The last thing they want to do, if they want to avoid a messy ending, is make someone of her stature feel that the establishment is ganging up on her. That’s why you hear so many of them choosing their words ever so carefully – even those on Barack Obama’s side.

Senate Majority Whip Richard J. Durbin of Illinois, the senior senator from Obama’s state and a loyal ally, doesn’t try to hide his opinion of what Clinton should do. “I hope that Senator Clinton will take an honest look at her chances and make her decision accordingly,” he told me Wednesday morning.

But Durbin also sounded sympathetic to her plight – and the disappointment she’s likely to feel if she has to come back to the Senate after coming so close to the nomination. He tried to offer his best assurances that senators would make that return as easy as possible.

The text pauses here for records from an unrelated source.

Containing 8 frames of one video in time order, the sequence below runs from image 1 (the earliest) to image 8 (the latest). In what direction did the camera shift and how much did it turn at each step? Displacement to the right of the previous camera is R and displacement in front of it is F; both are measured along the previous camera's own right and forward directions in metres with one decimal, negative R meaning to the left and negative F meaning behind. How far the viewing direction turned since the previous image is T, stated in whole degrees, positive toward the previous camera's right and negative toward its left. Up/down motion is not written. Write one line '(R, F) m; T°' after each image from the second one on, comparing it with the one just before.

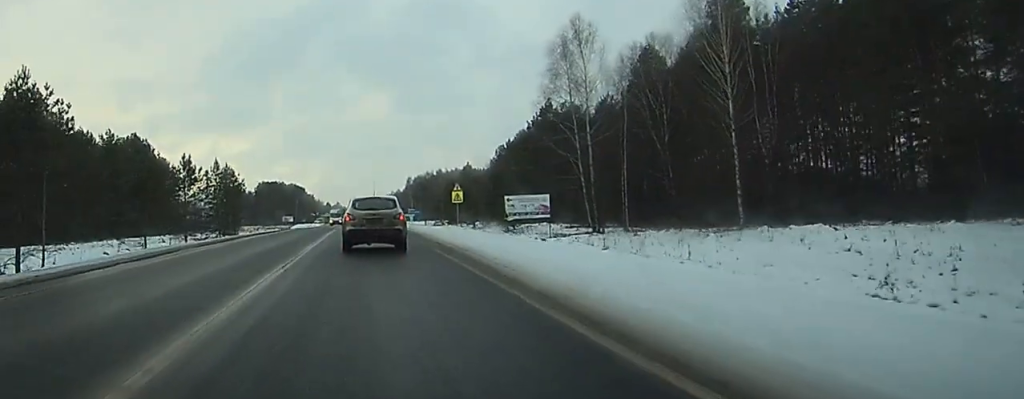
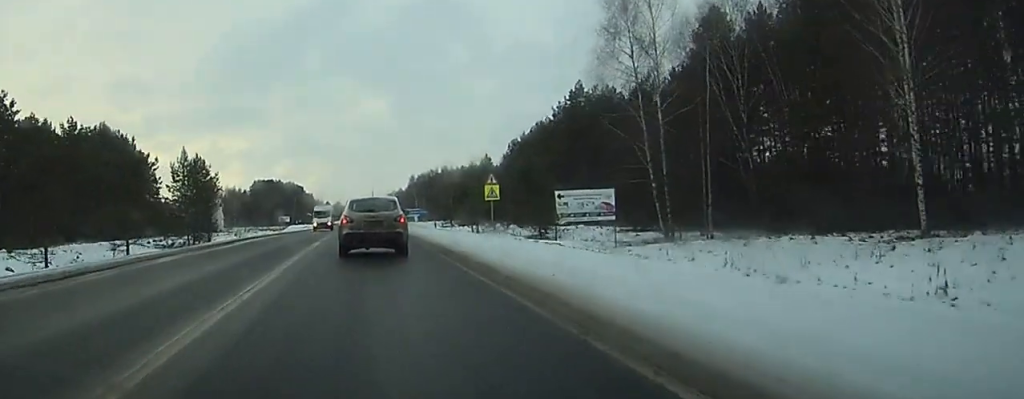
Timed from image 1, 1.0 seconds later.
(-0.1, +20.4) m; 0°
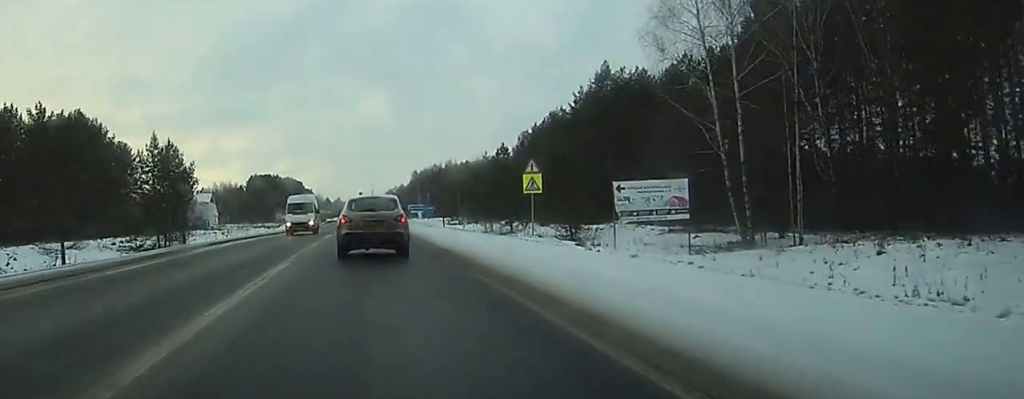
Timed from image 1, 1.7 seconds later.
(0.0, +13.6) m; 0°
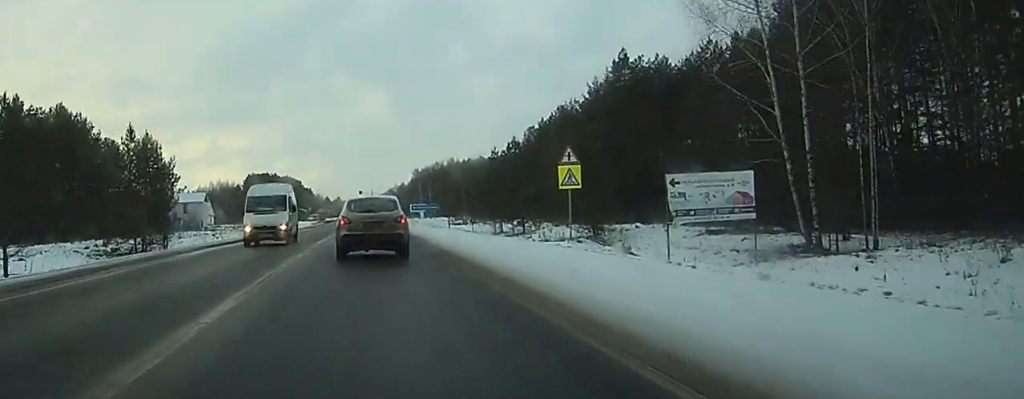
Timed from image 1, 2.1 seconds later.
(0.0, +8.2) m; 0°
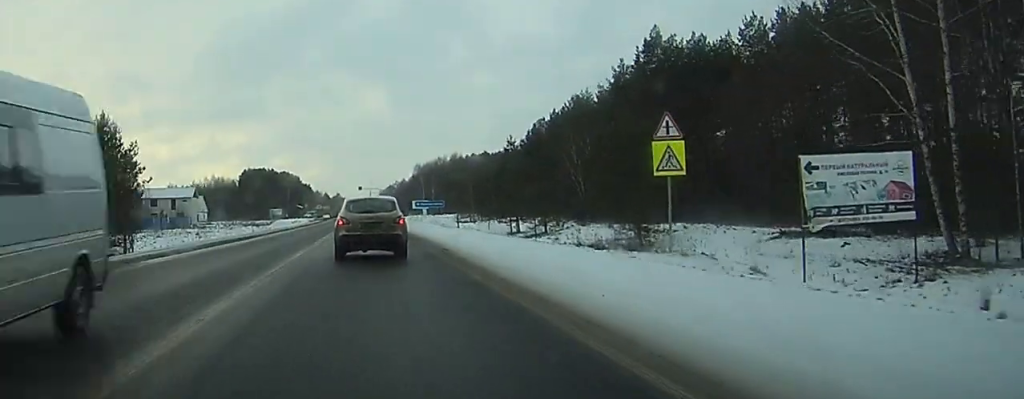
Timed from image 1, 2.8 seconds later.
(0.0, +12.2) m; 0°
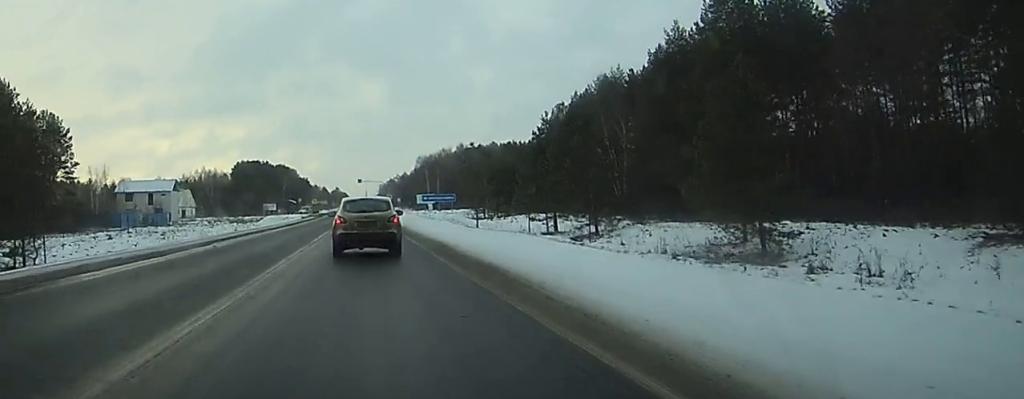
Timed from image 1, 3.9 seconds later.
(0.0, +19.3) m; 0°
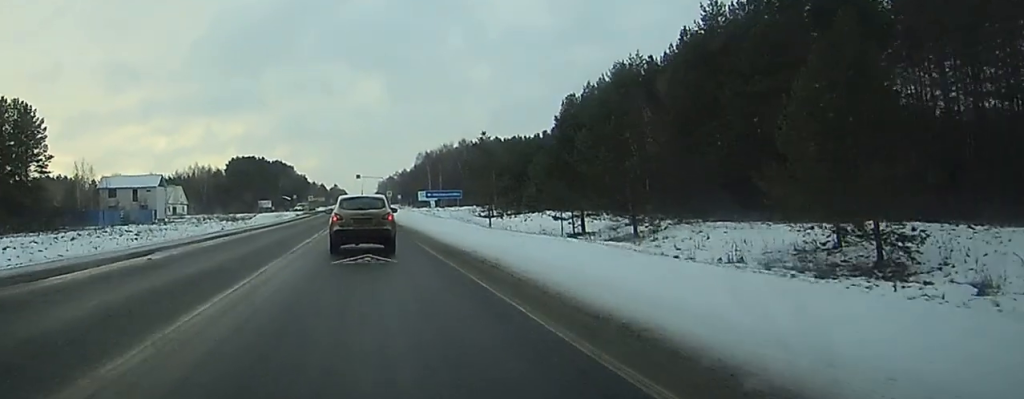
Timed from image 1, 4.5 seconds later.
(0.0, +10.0) m; 0°
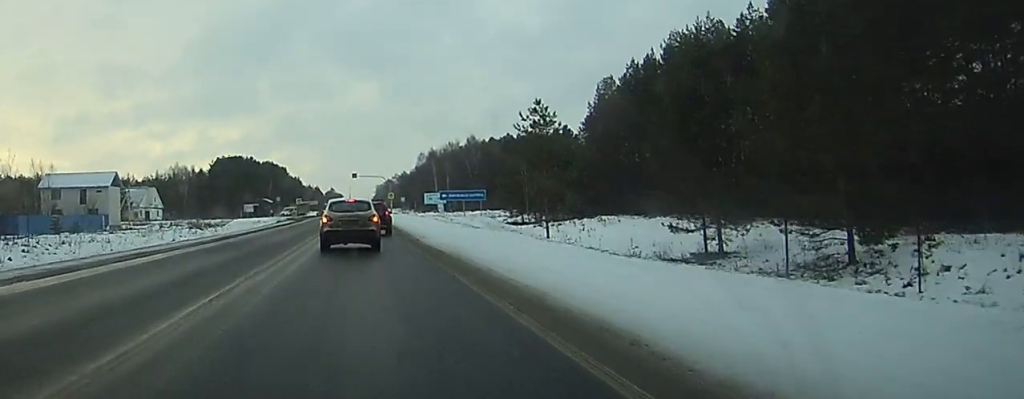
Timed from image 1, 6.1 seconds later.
(+0.1, +26.5) m; 0°

“If she does decide to end her candidacy and return to the Senate, she’ll come back to a very welcoming caucus,” Durbin said. “We’ll be glad to have her back.”

Likewise, Senate Majority Leader Harry Reid of Nevada, who is officially neutral, has been bending over backwards to make sure no one thinks he’s secretly taking sides. He says the superdelegates should be able to choose whoever they want, but he also wants them to choose quickly, as soon as the primaries are over.

And he declined several opportunities Wednesday to comment on whether the delegate math gives Clinton any chance to win the nomination.

“Whoever comes back, whether it’s her or him, I’m going to be able to look that person in the face and say I stayed neutral,” Reid said.

And Democratic Rep. Tim Ryan of Ohio, a Clinton superdelegate who said Tuesday’s results made it much tougher for her to win the nomination, insisted that it’s still her decision whether to continue in the race.

“I think everyone is going to let the senator make her decision, and then take their cues from there,” Ryan said. “Everyone should give her some time to make up her mind.”